TASK DESCRIPTION: All of the listing must be given again exactly, except that the images are dropped.

GIVEN RECORDS:

----------------

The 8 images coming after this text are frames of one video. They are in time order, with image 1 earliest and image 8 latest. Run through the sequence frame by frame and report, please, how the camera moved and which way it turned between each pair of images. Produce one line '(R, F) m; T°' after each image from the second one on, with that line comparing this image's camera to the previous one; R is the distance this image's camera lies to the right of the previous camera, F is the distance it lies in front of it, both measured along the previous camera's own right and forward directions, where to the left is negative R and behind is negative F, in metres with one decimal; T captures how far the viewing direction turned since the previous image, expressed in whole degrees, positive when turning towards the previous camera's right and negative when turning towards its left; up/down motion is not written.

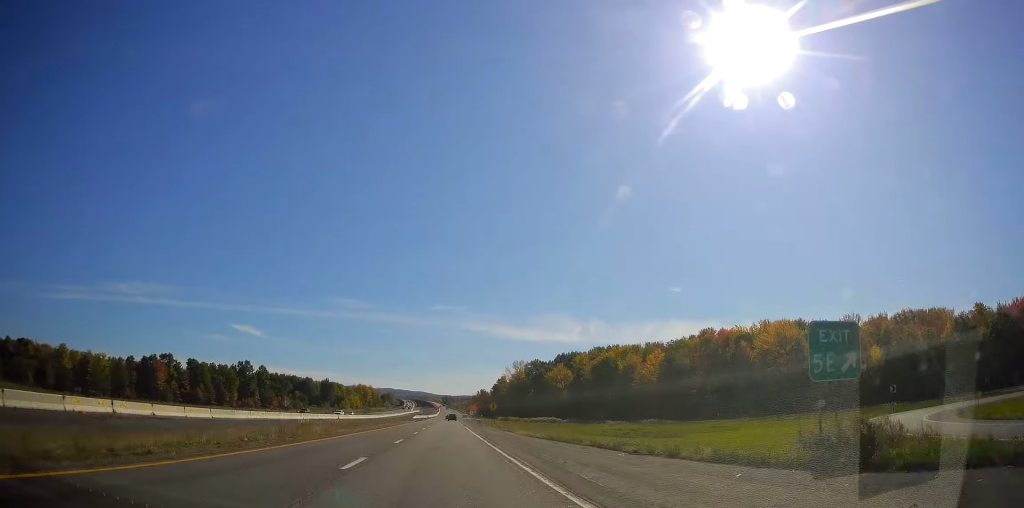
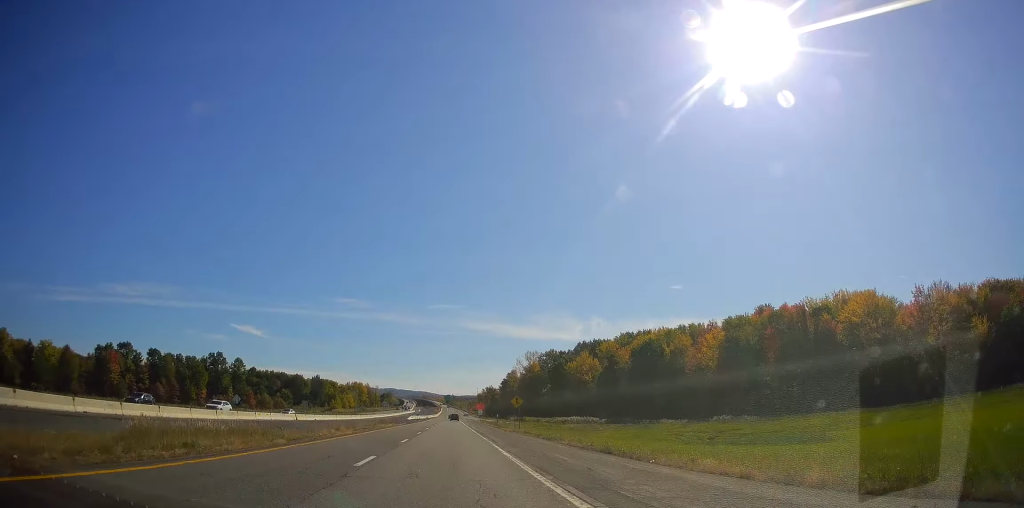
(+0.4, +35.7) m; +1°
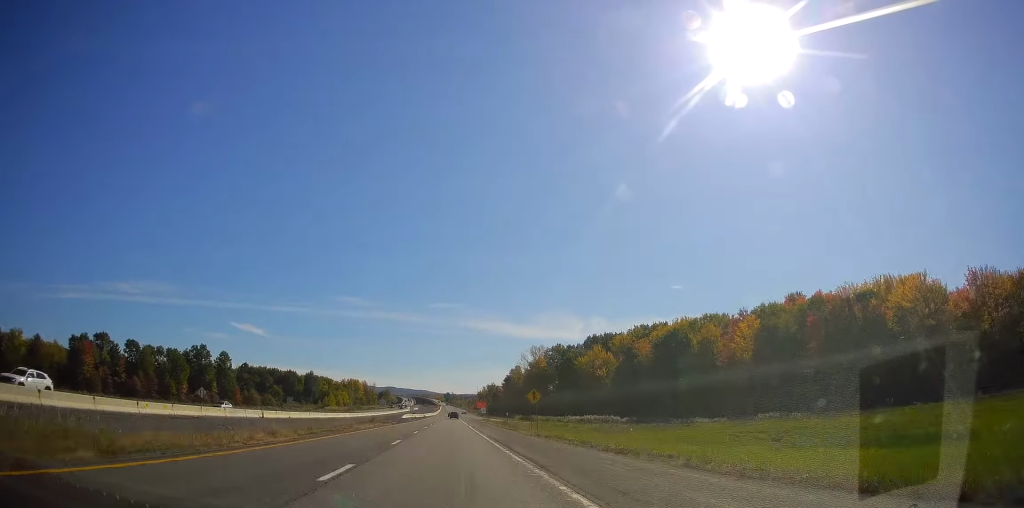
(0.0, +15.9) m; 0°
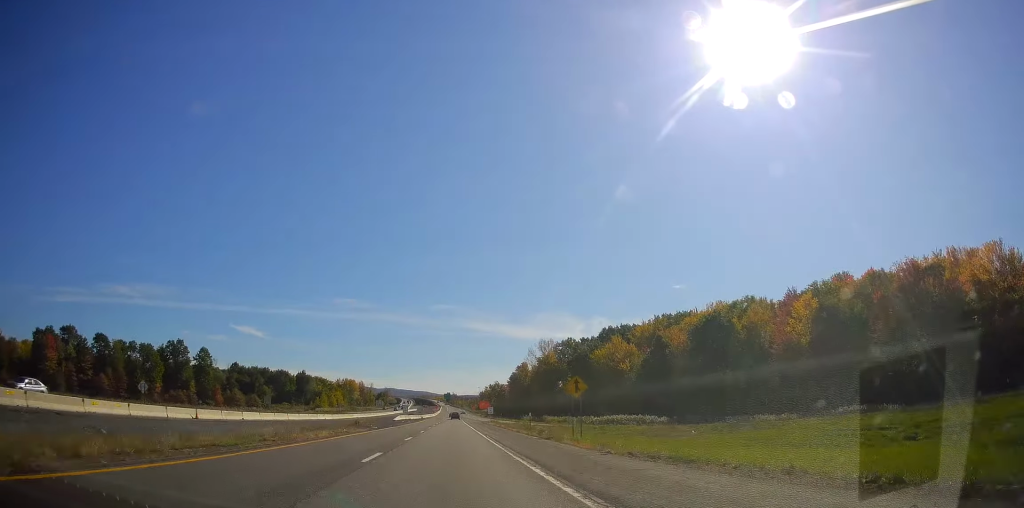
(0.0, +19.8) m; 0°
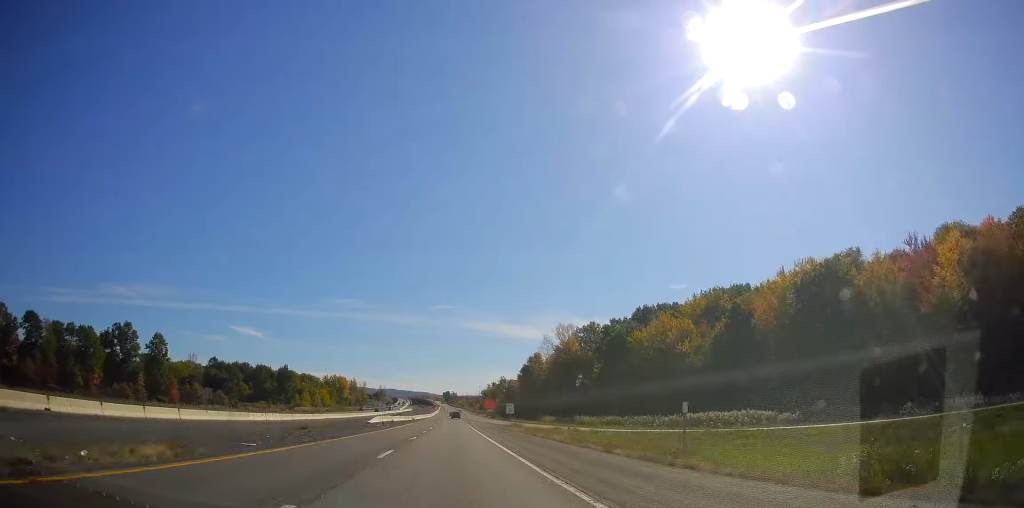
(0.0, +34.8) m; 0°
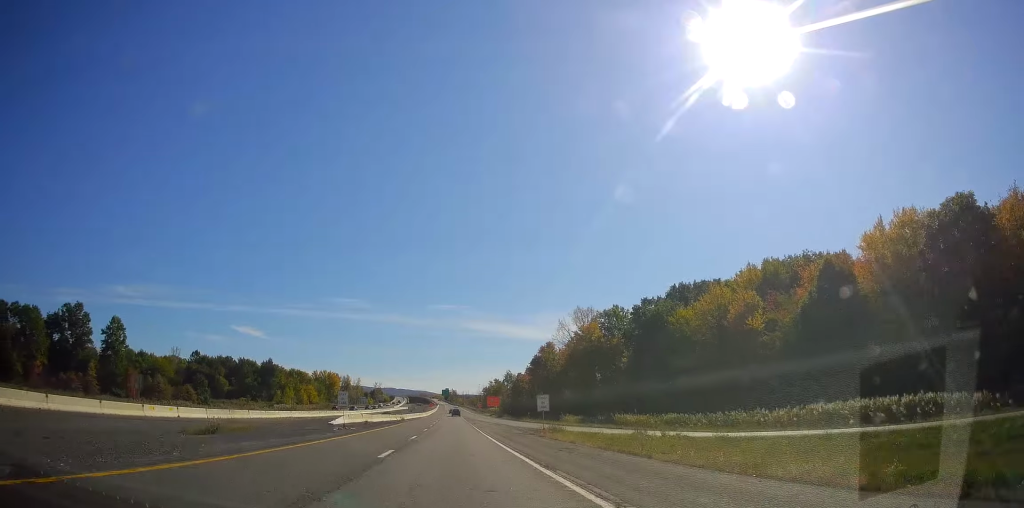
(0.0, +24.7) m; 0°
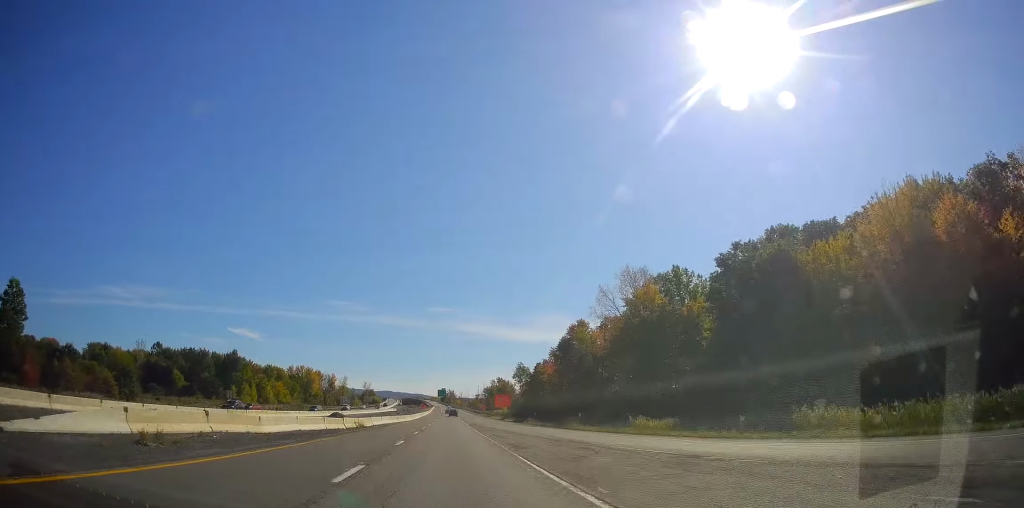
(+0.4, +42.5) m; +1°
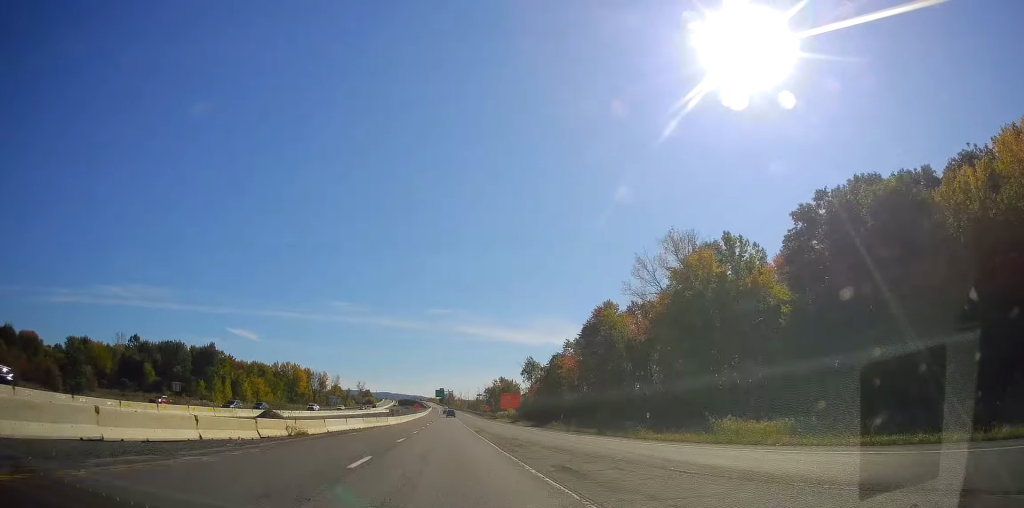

----------------

TASK SOLUTION:
The 8 images coming after this text are frames of one video. They are in time order, with image 1 earliest and image 8 latest. Run through the sequence frame by frame and report, please, how the camera moved and which way it turned between each pair of images. Produce one line '(R, F) m; T°' after each image from the second one on, with that line comparing this image's camera to the previous one; R is the distance this image's camera lies to the right of the previous camera, F is the distance it lies in front of it, both measured along the previous camera's own right and forward directions, where to the left is negative R and behind is negative F, in metres with one decimal; T captures how far the viewing direction turned since the previous image, expressed in whole degrees, positive when turning towards the previous camera's right and negative when turning towards its left; up/down motion is not written.

(+0.4, +35.7) m; +1°
(0.0, +15.9) m; 0°
(0.0, +19.8) m; 0°
(0.0, +34.8) m; 0°
(0.0, +24.7) m; 0°
(+0.4, +42.5) m; +1°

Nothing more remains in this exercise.